SUISSE - L'été a décidément bien mal commencé chez nos voisins helvêtes : La violente tempête qui s'est abattue sur la
Suisse dans la nuit de mercredi à jeudi et en début de matinée, hier, a multiplié les dégâts. Parmi les premières victimes, les CFF ont connu une situation de crise durant toute la journée
d'hier. Avec, notamment, l'interruption de tout trafic ferroviaire entre Fribourg et Berne de 8 h 30 à 18 h dans les deux sens...
Le désagrément a touché des milliers de passagers qui avaient prévu de voyager en Suisse alémanique (ou d'en revenir). Sur le coup de 8 h 30, plusieurs arbres sont tombés sur les voies à
proximité de Flamatt (FR), arrachant au passage les lignes de contact sur une longue distance. Tous les passagers ont été redirigés sur la ligne du pied du Jura Lausanne-Neuchâtel-Bienne-Berne.
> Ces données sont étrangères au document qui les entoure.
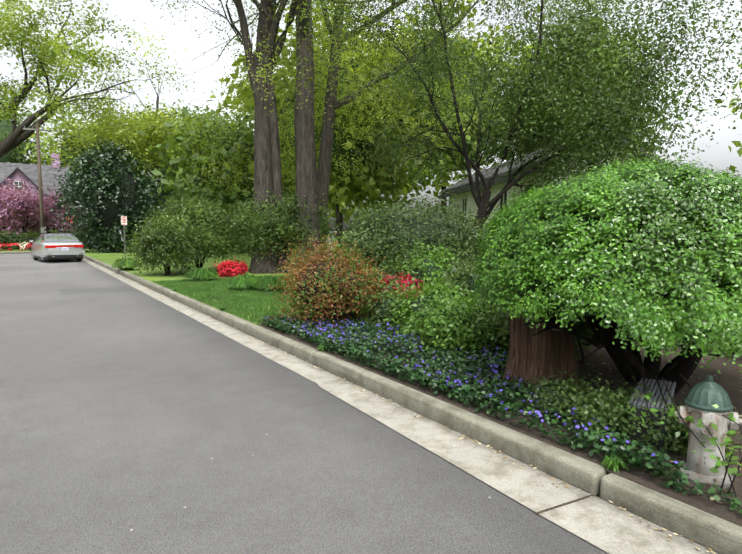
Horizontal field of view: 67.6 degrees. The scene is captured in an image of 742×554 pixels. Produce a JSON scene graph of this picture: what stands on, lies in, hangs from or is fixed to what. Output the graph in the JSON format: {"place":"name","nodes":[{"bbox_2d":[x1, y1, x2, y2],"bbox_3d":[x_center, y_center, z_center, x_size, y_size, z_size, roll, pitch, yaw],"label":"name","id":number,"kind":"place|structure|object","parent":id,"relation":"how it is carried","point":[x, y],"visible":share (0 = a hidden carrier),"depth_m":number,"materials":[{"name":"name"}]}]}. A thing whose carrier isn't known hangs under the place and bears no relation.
{"place":"outdoors","nodes":[
{"label":"outdoors","id":0,"kind":"place"},
{"bbox_2d":[0,232,355,251],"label":"verge","id":1,"kind":"structure","parent":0,"point":[4,250],"depth_m":41.34,"materials":[{"name":"plant"}]},
{"bbox_2d":[0,243,9,249],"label":"flowers","id":2,"kind":"object","parent":1,"relation":"on","point":[3,244],"depth_m":40.90,"materials":[{"name":"red plant"}]},
{"bbox_2d":[6,243,22,250],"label":"flowers","id":3,"kind":"object","parent":1,"relation":"on","point":[11,244],"depth_m":40.91,"materials":[{"name":"red plant"}]},
{"bbox_2d":[17,242,30,249],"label":"flowers","id":4,"kind":"object","parent":1,"relation":"on","point":[21,247],"depth_m":41.29,"materials":[{"name":"beige plant"}]},
{"bbox_2d":[23,242,33,249],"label":"flowers","id":5,"kind":"object","parent":1,"relation":"on","point":[29,245],"depth_m":41.25,"materials":[{"name":"red plant"}]},
{"bbox_2d":[0,153,76,234],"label":"stone house","id":6,"kind":"structure","parent":1,"relation":"on","point":[25,173],"depth_m":57.47,"materials":[{"name":"grey stone"}]},
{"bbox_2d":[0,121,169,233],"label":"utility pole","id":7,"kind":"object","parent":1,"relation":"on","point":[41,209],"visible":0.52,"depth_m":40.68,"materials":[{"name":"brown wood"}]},
{"bbox_2d":[283,155,356,224],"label":"tree","id":8,"kind":"object","parent":1,"relation":"on","point":[345,209],"depth_m":65.86,"materials":[{"name":"green plant"}]},
{"bbox_2d":[153,275,306,324],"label":"lawn","id":9,"kind":"structure","parent":0,"point":[211,285],"depth_m":12.20,"materials":[{"name":"green plant"}]},
{"bbox_2d":[147,0,328,272],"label":"oak tree","id":10,"kind":"object","parent":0,"point":[276,166],"depth_m":19.44,"materials":[{"name":"brown plant"}]},
{"bbox_2d":[0,253,608,553],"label":"road","id":11,"kind":"structure","parent":0,"point":[135,421],"depth_m":4.01,"materials":[{"name":"grey asphalt"}]},
{"bbox_2d":[29,233,84,261],"bbox_3d":[-16.944,-1.611,29.824,2.180,1.472,4.955,-4,6,-39],"label":"parked sedan","id":12,"kind":"object","parent":11,"relation":"on","point":[45,247],"visible":1,"depth_m":28.24,"materials":[{"name":"grey paint"}]},
{"bbox_2d":[60,286,132,294],"bbox_3d":[-7.462,0.365,15.044,1.700,0.001,1.500,-3,6,-32],"label":"road patch","id":13,"kind":"object","parent":11,"relation":"on","point":[93,290],"visible":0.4,"depth_m":15.03,"materials":[{"name":"grey asphalt"}]},
{"bbox_2d":[82,258,335,382],"bbox_3d":[-11.314,-0.339,23.423,0.330,0.001,41.150,-3,6,-32],"label":"gutter","id":14,"kind":"object","parent":11,"relation":"on","point":[309,371],"visible":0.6,"depth_m":8.50,"materials":[{"name":"concrete"}]},
{"bbox_2d":[121,275,714,553],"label":"gutter litter","id":15,"kind":"object","parent":14,"relation":"on","point":[566,485],"visible":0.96,"depth_m":4.05,"materials":[{"name":"beige plant"}]},
{"bbox_2d":[312,376,590,511],"bbox_3d":[0.299,1.231,4.671,0.462,0.001,3.275,-3,6,-32],"label":"gutter","id":16,"kind":"object","parent":11,"relation":"on","point":[528,487],"visible":1,"depth_m":4.03,"materials":[{"name":"concrete"}]},
{"bbox_2d":[534,495,593,515],"bbox_3d":[1.157,1.349,3.287,0.474,0.001,0.050,-3,5,-28],"label":"joint","id":17,"kind":"object","parent":11,"relation":"on","point":[561,505],"visible":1,"depth_m":3.29,"materials":[{"name":"concrete"}]},
{"bbox_2d":[539,496,718,553],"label":"gutter","id":18,"kind":"object","parent":11,"relation":"on","point":[600,523],"visible":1,"depth_m":3.00,"materials":[{"name":"concrete"}]},
{"bbox_2d":[84,246,610,473],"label":"lawn","id":19,"kind":"structure","parent":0,"point":[108,258],"depth_m":21.17,"materials":[{"name":"green plant"}]},
{"bbox_2d":[47,129,164,252],"bbox_3d":[-17.725,-5.552,38.162,8.289,9.026,7.971,-3,6,-32],"label":"evergreen tree","id":20,"kind":"object","parent":19,"relation":"on","point":[97,242],"depth_m":36.52,"materials":[{"name":"green plant"}]},
{"bbox_2d":[121,216,126,257],"bbox_3d":[-12.987,-2.078,29.182,0.300,2.250,0.048,-4,6,-40],"label":"no parking sign","id":21,"kind":"object","parent":19,"relation":"on","point":[123,220],"visible":0.85,"depth_m":29.13,"materials":[{"name":"white metal"}]},
{"bbox_2d":[112,257,138,269],"bbox_3d":[-9.205,-0.499,20.816,1.123,0.463,1.126,-3,6,-32],"label":"liriope","id":22,"kind":"object","parent":19,"relation":"on","point":[120,263],"visible":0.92,"depth_m":20.51,"materials":[{"name":"green plant"}]},
{"bbox_2d":[128,158,191,220],"bbox_3d":[-13.070,-4.598,38.607,7.499,7.694,7.091,-3,6,-32],"label":"evergreen tree","id":23,"kind":"object","parent":19,"relation":"on","point":[151,203],"depth_m":36.90,"materials":[{"name":"green plant"}]},
{"bbox_2d":[121,205,216,276],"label":"vase shrub","id":24,"kind":"object","parent":19,"relation":"on","point":[165,227],"depth_m":17.92,"materials":[{"name":"green plant"}]},
{"bbox_2d":[142,188,241,267],"bbox_3d":[-6.097,-1.665,20.135,4.485,2.927,4.003,-3,6,-32],"label":"vase shrub","id":25,"kind":"object","parent":19,"relation":"on","point":[198,209],"depth_m":19.39,"materials":[{"name":"green plant"}]},
{"bbox_2d":[184,267,220,280],"bbox_3d":[-5.001,-0.086,16.363,1.110,0.384,1.162,-3,6,-32],"label":"liriope","id":26,"kind":"object","parent":19,"relation":"on","point":[202,274],"visible":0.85,"depth_m":16.08,"materials":[{"name":"green plant"}]},
{"bbox_2d":[213,257,247,276],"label":"red azalea leaves","id":27,"kind":"object","parent":19,"relation":"on","point":[242,268],"visible":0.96,"depth_m":17.70,"materials":[{"name":"red plant"}]},
{"bbox_2d":[226,274,259,289],"bbox_3d":[-3.168,0.121,13.878,1.013,0.387,1.017,-3,6,-32],"label":"liriope","id":28,"kind":"object","parent":19,"relation":"on","point":[243,282],"visible":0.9,"depth_m":13.60,"materials":[{"name":"green plant"}]},
{"bbox_2d":[251,275,289,290],"bbox_3d":[-2.419,0.140,13.626,1.009,0.392,1.032,-3,6,-32],"label":"liriope","id":29,"kind":"object","parent":19,"relation":"on","point":[264,281],"visible":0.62,"depth_m":13.36,"materials":[{"name":"green plant"}]},
{"bbox_2d":[210,181,346,263],"bbox_3d":[-3.324,-1.909,20.181,4.899,3.411,4.424,-3,6,-32],"label":"vase shrub","id":30,"kind":"object","parent":19,"relation":"on","point":[244,225],"depth_m":19.06,"materials":[{"name":"green plant"}]},
{"bbox_2d":[292,0,321,272],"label":"oak tree","id":31,"kind":"object","parent":19,"relation":"on","point":[306,167],"visible":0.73,"depth_m":19.06,"materials":[{"name":"brown plant"}]},
{"bbox_2d":[154,0,493,202],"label":"oak foliage","id":32,"kind":"object","parent":31,"relation":"attached to","point":[356,91],"visible":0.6,"depth_m":21.64,"materials":[{"name":"green plant"}]},
{"bbox_2d":[326,231,336,255],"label":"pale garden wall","id":33,"kind":"structure","parent":19,"relation":"on","point":[330,238],"depth_m":25.20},
{"bbox_2d":[347,281,420,328],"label":"shrub","id":34,"kind":"object","parent":19,"relation":"on","point":[388,296],"depth_m":8.29,"materials":[{"name":"green plant"}]},
{"bbox_2d":[313,183,487,277],"bbox_3d":[0.898,-0.576,12.316,4.170,2.952,3.972,-3,6,-32],"label":"shrub","id":35,"kind":"object","parent":19,"relation":"on","point":[469,242],"depth_m":11.26,"materials":[{"name":"green plant"}]},
{"bbox_2d":[384,265,483,337],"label":"shrub","id":36,"kind":"object","parent":19,"relation":"on","point":[438,289],"depth_m":7.56,"materials":[{"name":"green plant"}]},
{"bbox_2d":[391,279,508,357],"bbox_3d":[1.068,0.621,6.759,1.524,1.148,1.550,-3,6,-32],"label":"shrub","id":37,"kind":"object","parent":19,"relation":"on","point":[453,341],"depth_m":6.42,"materials":[{"name":"green plant"}]},
{"bbox_2d":[430,246,480,291],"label":"shrub","id":38,"kind":"object","parent":19,"relation":"on","point":[454,268],"depth_m":8.98,"materials":[{"name":"green plant"}]},
{"bbox_2d":[431,252,481,302],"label":"shrub","id":39,"kind":"object","parent":19,"relation":"on","point":[472,271],"depth_m":7.84,"materials":[{"name":"green plant"}]},
{"bbox_2d":[258,314,741,526],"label":"garden bed","id":40,"kind":"object","parent":19,"relation":"on","point":[730,374],"depth_m":4.79,"materials":[{"name":"soil"}]},
{"bbox_2d":[317,344,326,351],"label":"kerb weed","id":41,"kind":"object","parent":40,"relation":"on","point":[322,348],"visible":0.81,"depth_m":6.81,"materials":[{"name":"green plant"}]},
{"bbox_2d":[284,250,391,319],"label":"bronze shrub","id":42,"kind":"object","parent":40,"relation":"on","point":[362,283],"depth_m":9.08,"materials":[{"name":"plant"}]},
{"bbox_2d":[383,238,459,292],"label":"shrub","id":43,"kind":"object","parent":40,"relation":"on","point":[415,261],"depth_m":9.64,"materials":[{"name":"green plant"}]},
{"bbox_2d":[260,313,689,491],"bbox_3d":[0.872,0.854,6.407,2.075,0.182,6.625,-3,6,-32],"label":"vinca","id":44,"kind":"object","parent":40,"relation":"on","point":[636,459],"depth_m":5.35,"materials":[{"name":"green plant"}]},
{"bbox_2d":[470,297,602,356],"bbox_3d":[2.088,0.443,7.169,2.076,1.309,1.999,-3,6,-32],"label":"shrub","id":45,"kind":"object","parent":40,"relation":"on","point":[583,341],"visible":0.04,"depth_m":6.77,"materials":[{"name":"green plant"}]},
{"bbox_2d":[499,309,580,397],"bbox_3d":[1.630,0.652,5.261,0.968,0.812,0.857,-3,6,-32],"label":"tree stump","id":46,"kind":"object","parent":40,"relation":"on","point":[539,355],"visible":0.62,"depth_m":4.99,"materials":[{"name":"brown wood"}]},
{"bbox_2d":[601,455,627,472],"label":"kerb weed","id":47,"kind":"object","parent":40,"relation":"on","point":[615,464],"visible":0.96,"depth_m":3.43,"materials":[{"name":"green plant"}]},
{"bbox_2d":[628,378,675,452],"bbox_3d":[2.066,0.999,4.061,0.244,0.320,0.780,3,6,32],"label":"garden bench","id":48,"kind":"object","parent":40,"relation":"on","point":[640,402],"visible":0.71,"depth_m":3.78,"materials":[{"name":"weathered wood"}]},
{"bbox_2d":[642,369,739,447],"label":"stems","id":49,"kind":"object","parent":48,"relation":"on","point":[667,388],"visible":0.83,"depth_m":3.53,"materials":[{"name":"plant"}]},
{"bbox_2d":[585,363,741,502],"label":"soil litter","id":50,"kind":"object","parent":40,"relation":"on","point":[711,498],"visible":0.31,"depth_m":5.24,"materials":[{"name":"brown plant"}]},
{"bbox_2d":[675,375,741,488],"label":"fire hydrant","id":51,"kind":"object","parent":40,"relation":"on","point":[703,396],"visible":0.88,"depth_m":3.23,"materials":[{"name":"metal"}]},
{"bbox_2d":[683,478,741,515],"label":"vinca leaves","id":52,"kind":"object","parent":40,"relation":"on","point":[735,503],"visible":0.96,"depth_m":3.00,"materials":[{"name":"green plant"}]},
{"bbox_2d":[684,416,741,496],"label":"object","id":53,"kind":"object","parent":40,"relation":"on","point":[723,463],"depth_m":3.08,"materials":[{"name":"green plant"}]},
{"bbox_2d":[707,333,738,353],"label":"foliage","id":54,"kind":"object","parent":40,"relation":"on","point":[729,346],"depth_m":6.73,"materials":[{"name":"green plant"}]},
{"bbox_2d":[472,306,595,369],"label":"shrub","id":55,"kind":"object","parent":19,"relation":"on","point":[504,320],"depth_m":6.22,"materials":[{"name":"green plant"}]},
{"bbox_2d":[438,128,661,253],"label":"sided house","id":56,"kind":"structure","parent":19,"relation":"on","point":[463,193],"depth_m":24.67,"materials":[{"name":"grey"}]},
{"bbox_2d":[468,153,741,394],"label":"topiary","id":57,"kind":"object","parent":19,"relation":"on","point":[502,242],"depth_m":4.06,"materials":[{"name":"green plant"}]},
{"bbox_2d":[594,278,741,372],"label":"topiary skirt leaves","id":58,"kind":"object","parent":57,"relation":"attached to","point":[699,326],"visible":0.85,"depth_m":3.46,"materials":[{"name":"green plant"}]},
{"bbox_2d":[588,324,640,342],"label":"foliage","id":59,"kind":"object","parent":19,"relation":"on","point":[613,331],"depth_m":7.30,"materials":[{"name":"green plant"}]},
{"bbox_2d":[551,376,685,449],"bbox_3d":[1.783,0.958,3.967,0.913,0.540,0.906,-3,6,-32],"label":"shrub","id":60,"kind":"object","parent":19,"relation":"on","point":[601,413],"depth_m":3.85,"materials":[{"name":"green plant"}]},
{"bbox_2d":[622,387,739,461],"bbox_3d":[2.128,1.029,3.794,0.748,0.477,0.790,-3,6,-32],"label":"shrub","id":61,"kind":"object","parent":19,"relation":"on","point":[675,447],"depth_m":3.65,"materials":[{"name":"green plant"}]},
{"bbox_2d":[713,64,741,175],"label":"tree","id":62,"kind":"object","parent":19,"relation":"on","point":[736,143],"visible":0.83,"depth_m":27.28,"materials":[{"name":"green plant"}]},
{"bbox_2d":[0,0,741,231],"label":"sky","id":63,"kind":"structure","parent":0,"point":[178,37],"materials":[{"name":"white"}]},
{"bbox_2d":[369,274,427,296],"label":"red flowers","id":64,"kind":"object","parent":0,"point":[399,281],"visible":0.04,"depth_m":9.22,"materials":[{"name":"red plant"}]},
{"bbox_2d":[317,0,546,259],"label":"oak tree","id":65,"kind":"object","parent":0,"point":[325,156],"depth_m":21.05,"materials":[{"name":"plant"}]},
{"bbox_2d":[279,0,715,261],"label":"cherry tree","id":66,"kind":"object","parent":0,"point":[423,70],"depth_m":14.14,"materials":[{"name":"green plant"}]},
{"bbox_2d":[631,392,741,466],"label":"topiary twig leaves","id":67,"kind":"object","parent":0,"point":[677,434],"visible":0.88,"depth_m":3.11,"materials":[{"name":"green plant"}]},
{"label":"ground","id":68,"kind":"structure","parent":0,"visible":0},
{"bbox_2d":[0,251,31,253],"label":"kerb","id":69,"kind":"structure","parent":68,"relation":"on","point":[17,252],"depth_m":39.08,"materials":[{"name":"concrete"}]},
{"bbox_2d":[0,81,51,164],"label":"tree","id":70,"kind":"object","parent":68,"relation":"on","point":[21,147],"depth_m":67.57,"materials":[{"name":"green plant"}]},
{"bbox_2d":[0,175,52,228],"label":"redbud tree","id":71,"kind":"object","parent":68,"relation":"on","point":[4,206],"depth_m":47.38,"materials":[{"name":"pink plant"}]},
{"bbox_2d":[0,226,62,244],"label":"hedge","id":72,"kind":"object","parent":68,"relation":"on","point":[6,235],"depth_m":44.49,"materials":[{"name":"green plant"}]},
{"bbox_2d":[0,179,75,235],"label":"redbud tree","id":73,"kind":"object","parent":68,"relation":"on","point":[21,222],"depth_m":48.70,"materials":[{"name":"pink plant"}]},
{"bbox_2d":[17,192,83,235],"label":"redbud tree","id":74,"kind":"object","parent":68,"relation":"on","point":[50,226],"depth_m":50.94,"materials":[{"name":"pink plant"}]},
{"bbox_2d":[19,96,135,206],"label":"tree","id":75,"kind":"object","parent":68,"relation":"on","point":[52,142],"depth_m":66.68,"materials":[{"name":"green plant"}]},
{"bbox_2d":[62,226,96,248],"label":"hedge","id":76,"kind":"object","parent":68,"relation":"on","point":[80,236],"depth_m":45.44,"materials":[{"name":"green plant"}]},
{"bbox_2d":[0,0,187,250],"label":"oak tree","id":77,"kind":"object","parent":68,"relation":"on","point":[57,49],"depth_m":39.87,"materials":[{"name":"green plant"}]},
{"bbox_2d":[35,23,204,218],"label":"yellow green tree","id":78,"kind":"object","parent":68,"relation":"on","point":[122,131],"depth_m":41.77,"materials":[{"name":"plant"}]},
{"bbox_2d":[109,99,234,219],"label":"tree","id":79,"kind":"object","parent":68,"relation":"on","point":[176,119],"depth_m":56.21,"materials":[{"name":"green plant"}]},
{"bbox_2d":[152,100,236,133],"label":"tree","id":80,"kind":"object","parent":68,"relation":"on","point":[219,114],"depth_m":69.47,"materials":[{"name":"green plant"}]},
{"bbox_2d":[136,92,333,252],"bbox_3d":[-8.643,-6.669,36.261,12.425,10.486,12.493,-3,6,-32],"label":"tree","id":81,"kind":"object","parent":68,"relation":"on","point":[182,170],"depth_m":33.81,"materials":[{"name":"green plant"}]},
{"bbox_2d":[218,26,326,156],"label":"yellow green tree","id":82,"kind":"object","parent":68,"relation":"on","point":[286,89],"depth_m":47.98,"materials":[{"name":"plant"}]},
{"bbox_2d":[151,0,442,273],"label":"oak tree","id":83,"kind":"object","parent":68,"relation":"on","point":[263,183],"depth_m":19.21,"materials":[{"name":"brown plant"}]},
{"bbox_2d":[209,2,440,254],"bbox_3d":[-2.350,-8.840,32.764,13.979,15.462,15.789,-3,6,-32],"label":"tree","id":84,"kind":"object","parent":68,"relation":"on","point":[344,196],"depth_m":30.95,"materials":[{"name":"green plant"}]},
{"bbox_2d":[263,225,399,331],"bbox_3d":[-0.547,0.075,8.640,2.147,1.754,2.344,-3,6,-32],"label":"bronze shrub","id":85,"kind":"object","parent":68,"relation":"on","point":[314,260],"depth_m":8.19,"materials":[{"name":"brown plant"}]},
{"bbox_2d":[287,143,427,229],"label":"shrub","id":86,"kind":"object","parent":68,"relation":"on","point":[353,199],"depth_m":50.69,"materials":[{"name":"green plant"}]},
{"bbox_2d":[364,253,409,284],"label":"shrub","id":87,"kind":"object","parent":68,"relation":"on","point":[392,271],"depth_m":10.52,"materials":[{"name":"green plant"}]},
{"bbox_2d":[364,271,423,312],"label":"azalea","id":88,"kind":"object","parent":68,"relation":"on","point":[410,280],"depth_m":9.18,"materials":[{"name":"plant"}]},
{"bbox_2d":[83,255,741,553],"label":"kerb","id":89,"kind":"structure","parent":68,"relation":"on","point":[709,530],"depth_m":3.89,"materials":[{"name":"concrete"}]},
{"bbox_2d":[343,0,548,217],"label":"tree","id":90,"kind":"object","parent":68,"relation":"on","point":[404,191],"depth_m":34.03,"materials":[{"name":"green plant"}]},
{"bbox_2d":[519,370,606,426],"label":"shrub","id":91,"kind":"object","parent":68,"relation":"on","point":[557,387],"depth_m":4.35,"materials":[{"name":"green plant"}]},
{"bbox_2d":[430,0,741,209],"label":"tree","id":92,"kind":"object","parent":68,"relation":"on","point":[604,57],"depth_m":13.63,"materials":[{"name":"green plant"}]},
{"bbox_2d":[481,1,706,169],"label":"tree","id":93,"kind":"object","parent":68,"relation":"on","point":[660,122],"depth_m":37.12,"materials":[{"name":"green plant"}]}
]}

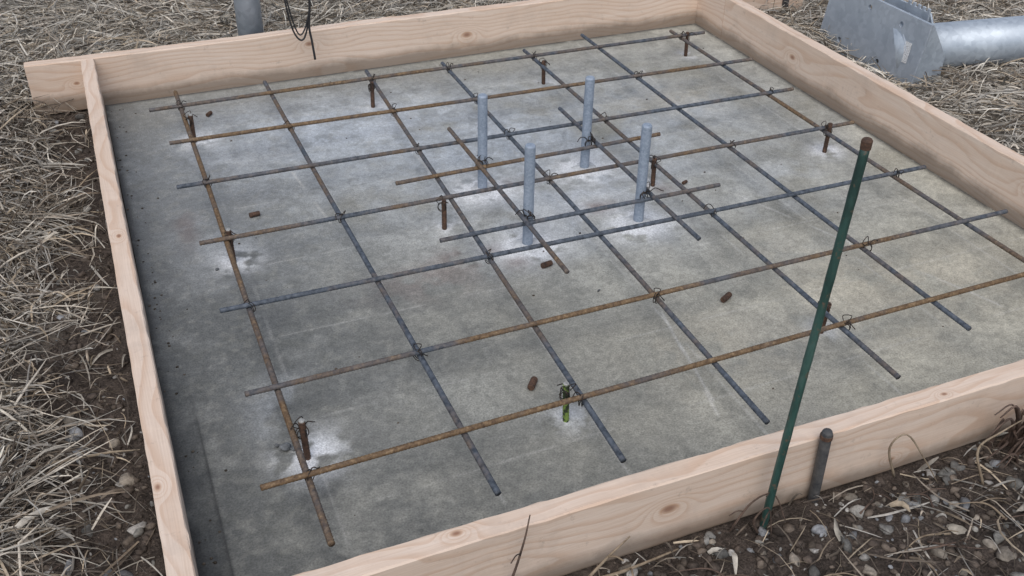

Pour les trajets régionaux depuis Fribourg ou Berne, des bus spéciaux ont été mobilisés.
Le trafic ferroviaire a été perturbé dans toute la Suisse. «Nous faisons face à de très gros dégâts», constatait hier Jean-Louis Scherz, porte-parole des CFF. Sur la ligne Berne-Bienne-La Chaux
de Fonds, des moteurs d'aiguillage ont été noyés, imposant aux trains de circuler au ralenti. Entre Lausanne et Payerne, le trafic a été interrompu pendant une heure à la hauteur d'Henniez (VD),
un arbre obstruant la voie là aussi.
Les CFF ne pouvaient pas, hier, estimer le coût des dégâts occasionnés par les chutes d'arbre, la grêle, les inondations et les coulées de boue. Une chose est sûre: la régie fédérale devra tout
payer de sa poche. «Nous ne sommes assurés qu'à partir d'un certain montant, basé sur plusieurs années», indique Jean-Louis Scherz. Heureusement que dans le cas présent, les dégâts seront
moindres que lors de l'ouragan «Lothar» ou - pire - des orages et crues du 22 août 2005, le jour qui a coûté le plus cher aux CFF. «Là, sur un total de coûts de 84 millions de francs suisses, les
compagnies d'assurances avaient pris en charge 34 millions», rappelle le porte-parole.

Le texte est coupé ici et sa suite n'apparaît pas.